Als zijn ouders naar zijn idee teveel zeuren dat hij ook nog een hapje moet eten heeft hij een effectief antwoord: dan gaat hij met bijzonder luide stem toeteren. Zijn stem is sowieso al extreem luid, ook al doet hij echt zijn best om die, elke keer dat zijn moeder Ssssst doet, te temperen.
Als hij zijn autootjes in de tas van zijn moeder heeft gestopt, vertrekken wij ook, richting kathedraal en Alcazar. Deze keer door de straat van de speelgoedwinkel, en, hoe kan het ook anders, de straat zit vol speelgoedwinkels.
Het mooie van dat systeem is dat je als klant precies weet waar je naar toe moet en niet de hele stad hoeft af te sjouwen, maar vooral ook, dat die winkels automatisch gaan specialiseren, zodat je echt allerlei verschillende schoenen kunt kopen in plaats van alleen maar precies dat waarvan de winkels geloven dat het in de mode is.
Hier vind je dan ook behalve de autootjes-en-treintjeswinkel bijvoorbeeld een oude-poppenwinkel en een goedkope-plastic-spulletjeswinkel.

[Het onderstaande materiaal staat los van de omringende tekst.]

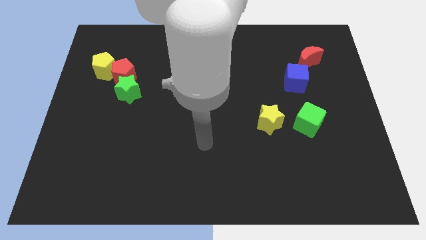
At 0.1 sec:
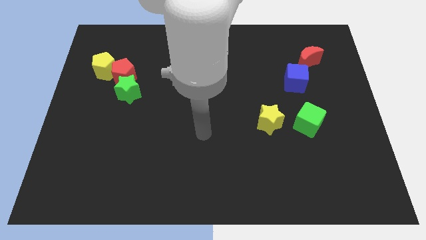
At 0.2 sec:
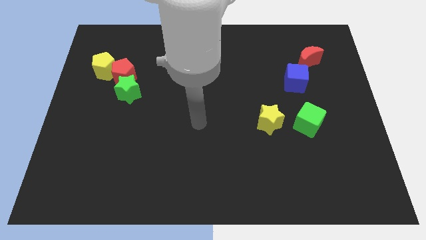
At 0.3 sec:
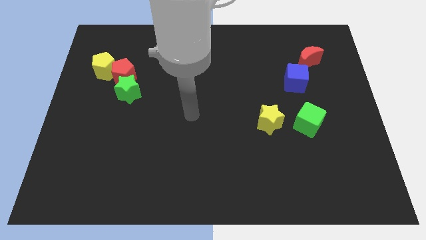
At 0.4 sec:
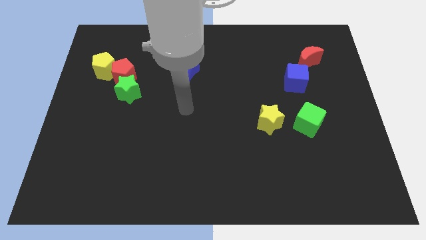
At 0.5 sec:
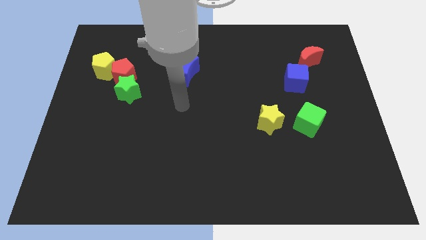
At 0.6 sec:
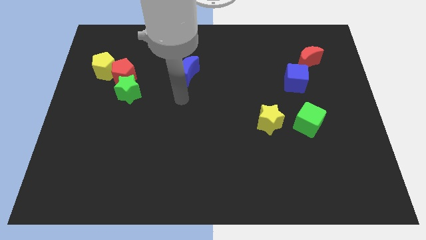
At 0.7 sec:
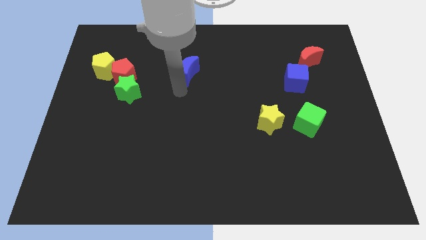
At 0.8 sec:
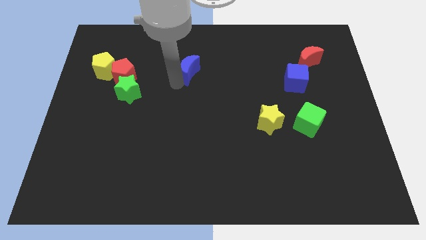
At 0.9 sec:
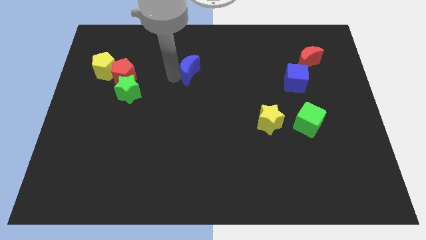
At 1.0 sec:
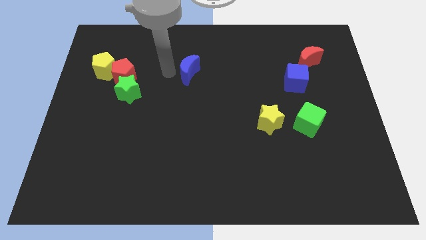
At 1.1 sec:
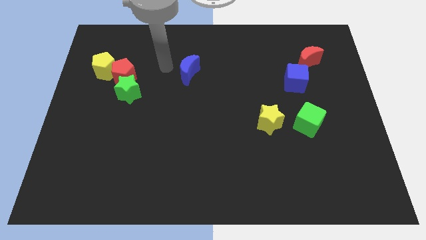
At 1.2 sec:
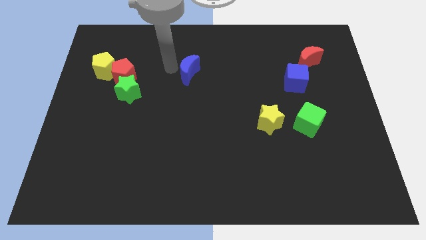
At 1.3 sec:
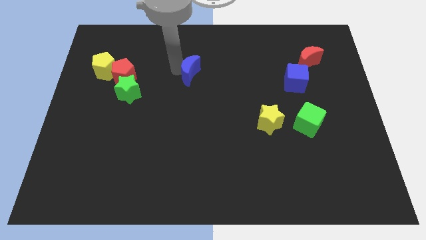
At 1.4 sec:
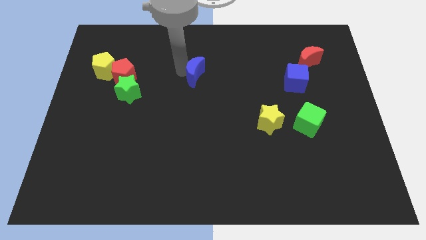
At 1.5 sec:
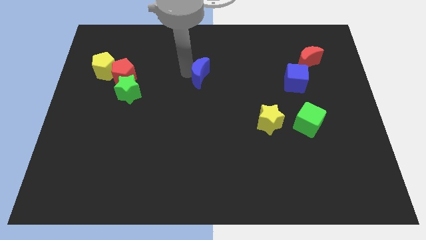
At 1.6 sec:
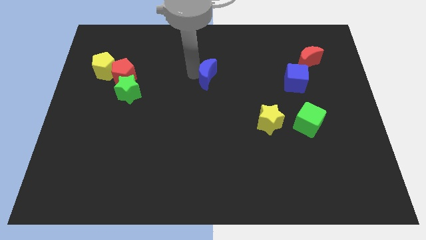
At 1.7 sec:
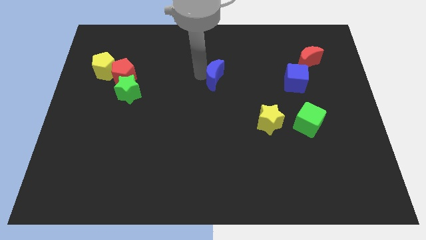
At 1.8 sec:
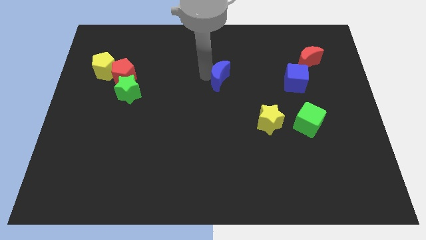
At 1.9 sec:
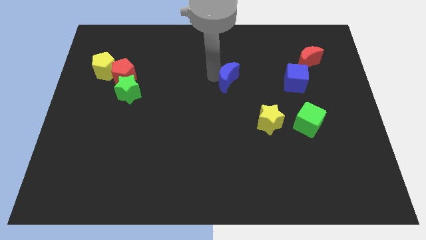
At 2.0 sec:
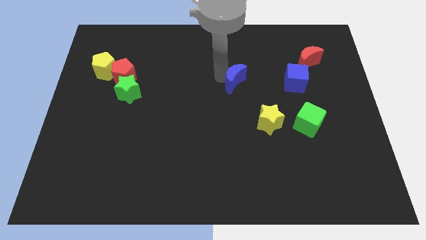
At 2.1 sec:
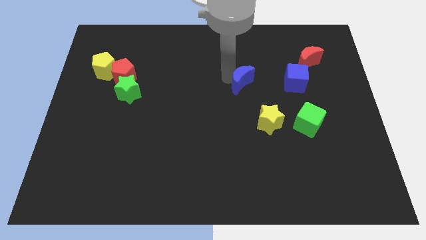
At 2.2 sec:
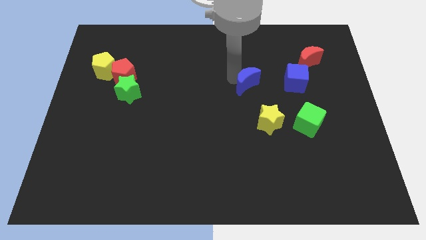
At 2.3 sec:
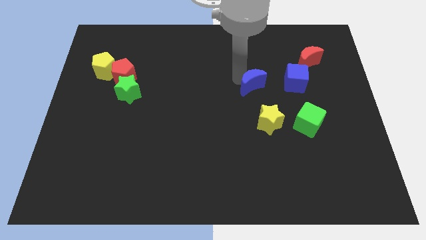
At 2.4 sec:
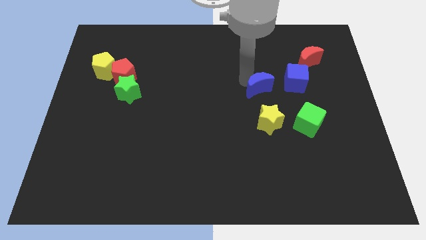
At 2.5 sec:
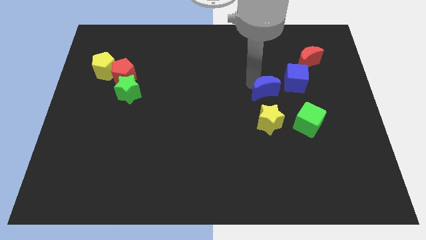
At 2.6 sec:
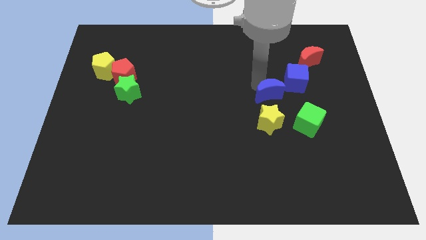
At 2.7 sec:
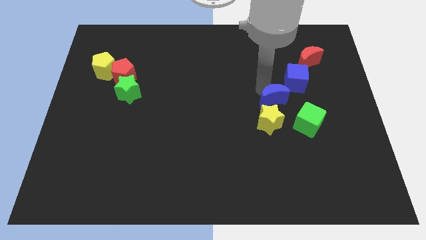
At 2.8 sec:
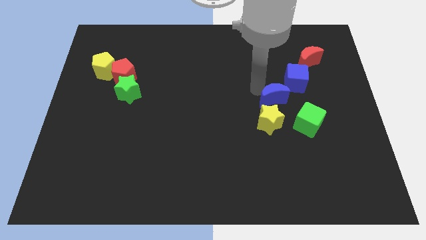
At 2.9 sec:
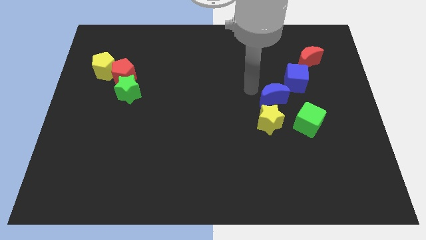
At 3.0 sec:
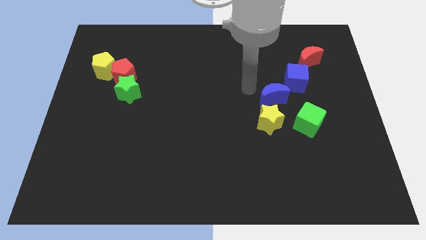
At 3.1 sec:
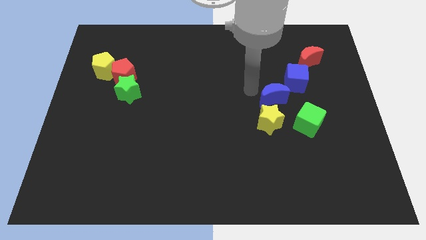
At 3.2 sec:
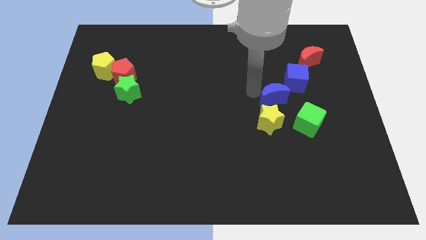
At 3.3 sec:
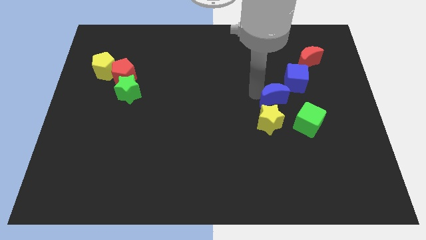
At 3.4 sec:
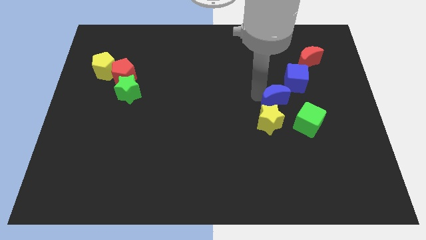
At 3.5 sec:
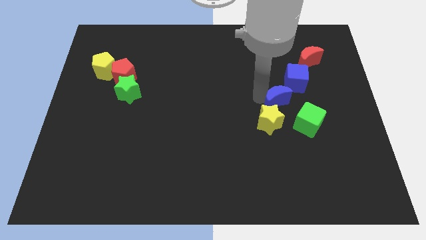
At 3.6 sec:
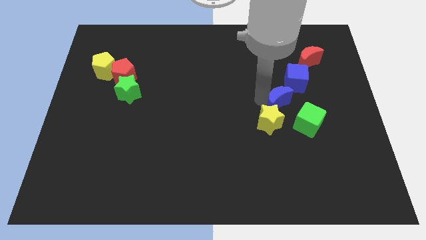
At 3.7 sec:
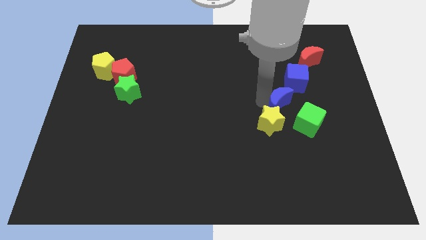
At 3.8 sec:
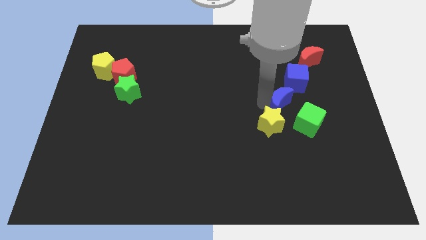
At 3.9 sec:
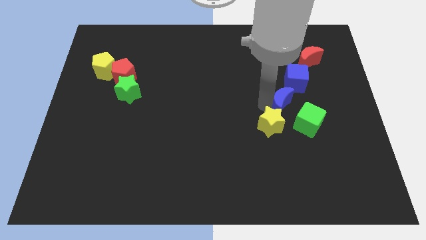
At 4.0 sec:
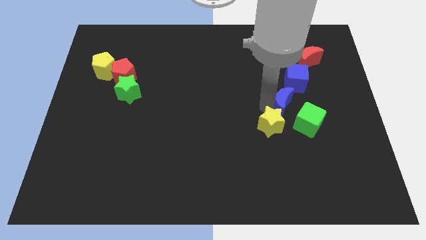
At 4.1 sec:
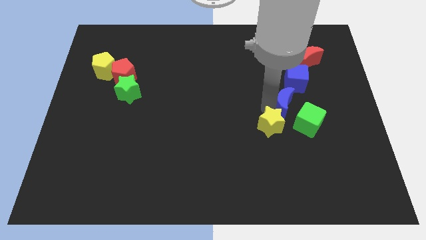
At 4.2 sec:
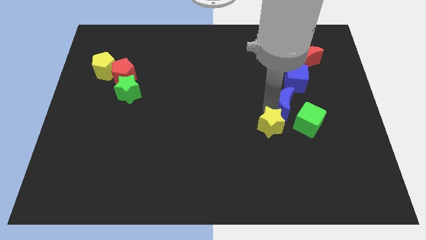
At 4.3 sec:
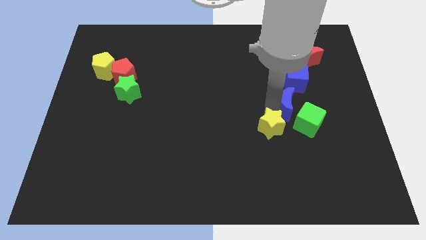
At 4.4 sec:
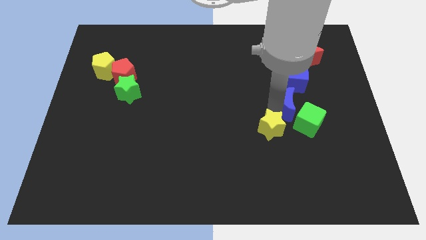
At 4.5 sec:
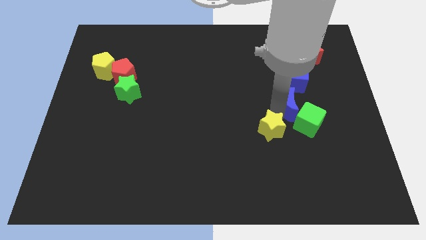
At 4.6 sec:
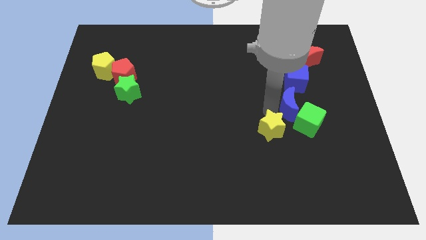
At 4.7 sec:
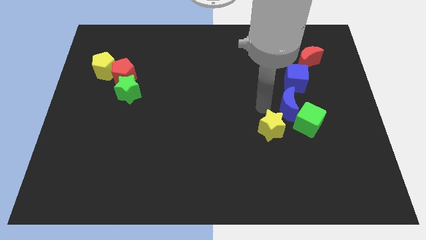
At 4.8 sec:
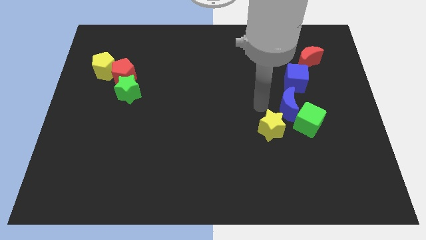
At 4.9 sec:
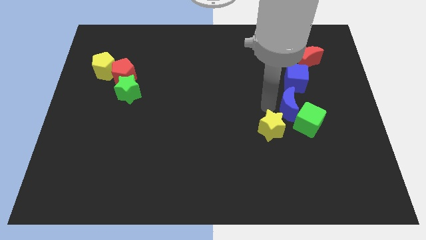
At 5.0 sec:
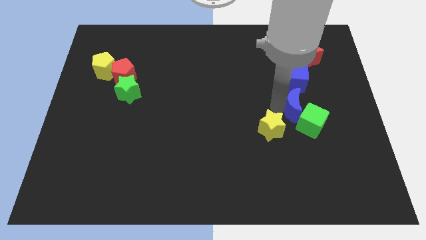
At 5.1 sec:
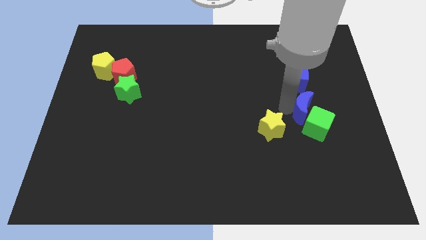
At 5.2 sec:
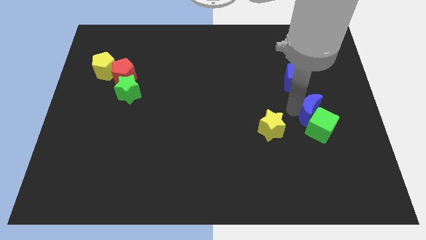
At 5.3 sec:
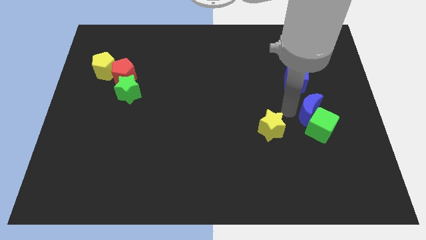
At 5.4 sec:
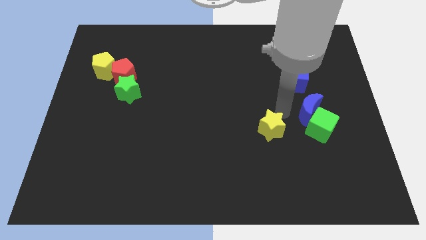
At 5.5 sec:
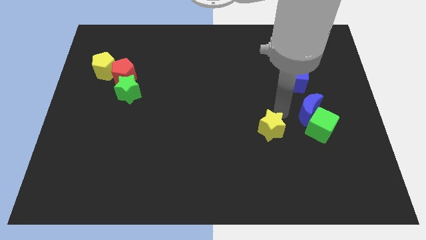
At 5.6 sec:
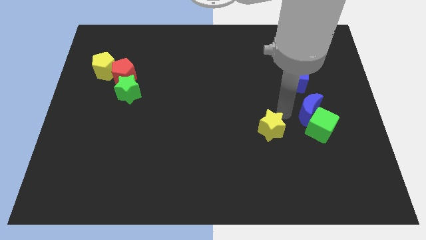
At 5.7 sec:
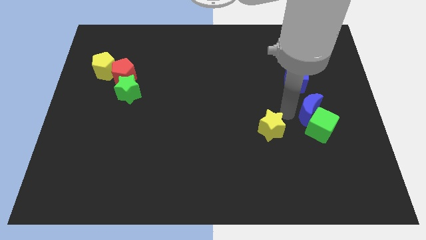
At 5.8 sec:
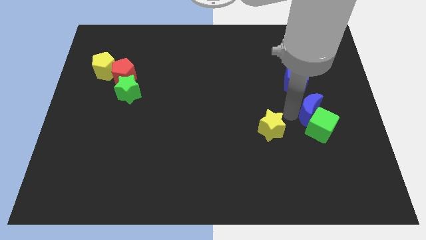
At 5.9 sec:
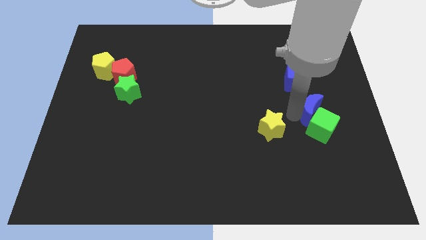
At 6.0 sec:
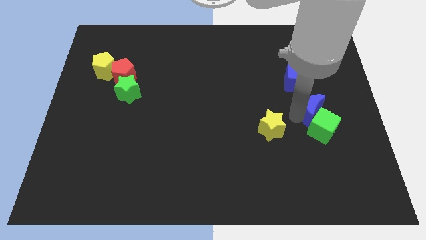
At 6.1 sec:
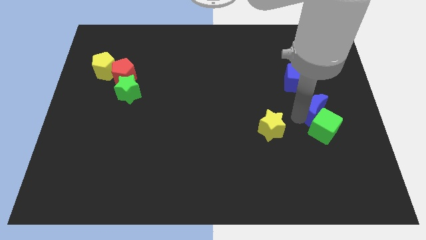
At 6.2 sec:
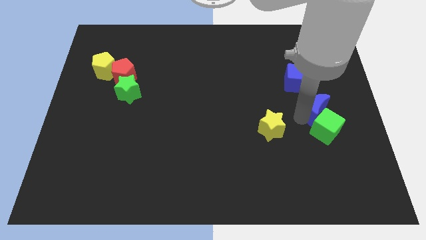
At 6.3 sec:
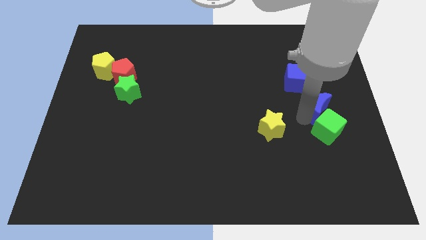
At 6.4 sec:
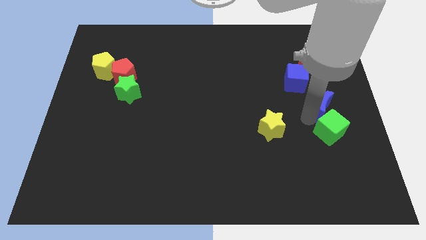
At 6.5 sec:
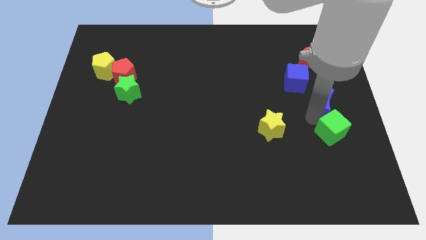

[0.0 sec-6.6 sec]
slide the blue moon to the center right

Volgens de boekjes wordt het Alcazar zo druk bezocht, dat ze er "timed" tickets verkopen: je krijgt maar een beperkte hoeveelheid tijd om er rond te kijken. Dat lijkt me niks: we gaan daar wel later op de dag naar toe.
Op de één of andere manier zijn alle "grote" bezienswaardigheden altijd 's morgens het drukst. Mensen werken blijkbaar een programma voor de dag af, en geven zich daarna eventueel nog vrij (of het is gewoon zo dat de touroperators zo werken).

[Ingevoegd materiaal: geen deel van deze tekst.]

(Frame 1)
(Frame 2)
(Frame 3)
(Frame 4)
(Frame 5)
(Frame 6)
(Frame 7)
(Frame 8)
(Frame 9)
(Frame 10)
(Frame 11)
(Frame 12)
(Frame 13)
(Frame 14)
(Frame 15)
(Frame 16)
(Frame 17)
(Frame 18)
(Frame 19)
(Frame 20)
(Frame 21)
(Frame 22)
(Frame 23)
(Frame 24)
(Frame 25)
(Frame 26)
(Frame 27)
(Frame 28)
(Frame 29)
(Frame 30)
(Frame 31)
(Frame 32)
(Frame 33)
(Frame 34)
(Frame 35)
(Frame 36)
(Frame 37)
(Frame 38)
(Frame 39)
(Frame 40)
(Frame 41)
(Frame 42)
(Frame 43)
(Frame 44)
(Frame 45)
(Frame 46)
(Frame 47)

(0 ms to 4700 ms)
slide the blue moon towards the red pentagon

Ik wil wel even kijken wat de openingstijden zijn, en dan zien we dat maart duidelijk nog geen hoogseizoen is: er staan geen rijen, en de tijden zijn gewoon helemaal vrij.
We gaan naar binnen dus, onder een poort door met daarboven een leeuw in tegels.
Je wordt via een onnavolgbaar Spaans systeem naar binnen geloosd. De Moorse poort (die met de leeuw dus) is van een smal hekje voorzien, dat de ingang in tweeën deelt: links voor groepen; rechts voor losse individuen.
Wij besluiten dat we uit twee losse individuen bestaan, en nemen rechts, slaan een hoek om, nog steeds van eventuele groepen gescheiden door dat hekje, en dan komen we in een kantoortje uit, en vlak daarvoor stopt dat hekje, en staan we met die eventuele groepen in precies dezelfde ruimte.
Nou ja, daar kopen we kaartjes.
Vanuit het kantoortje kom je op een binnenplaats vol planten, en voor je zie je een dikke bakstenen muur (met kantelen), en een opening in de vorm van een Moorse boog.
Loop je daar onderdoor, dan sta je op een tweede binnenplaats, de Patio de la Monteria, bestraat in een patroon van kiezelstenen, met tegeover je een wand van kantwerk: een twee verdiepingen hoge facade met zuilen, waar alles waar maar ruimte is versierd is met "gipssnijwerk".
En uiteraard is de muur van de galerij achter de zuilen voorzien van een lambrizering van tegeltjes.
Dit is een verborgen hoekje bij die Patio de la Monteria: een klein binnenhofje met fontein en waterbak (die uiteraard versierd is met tegels).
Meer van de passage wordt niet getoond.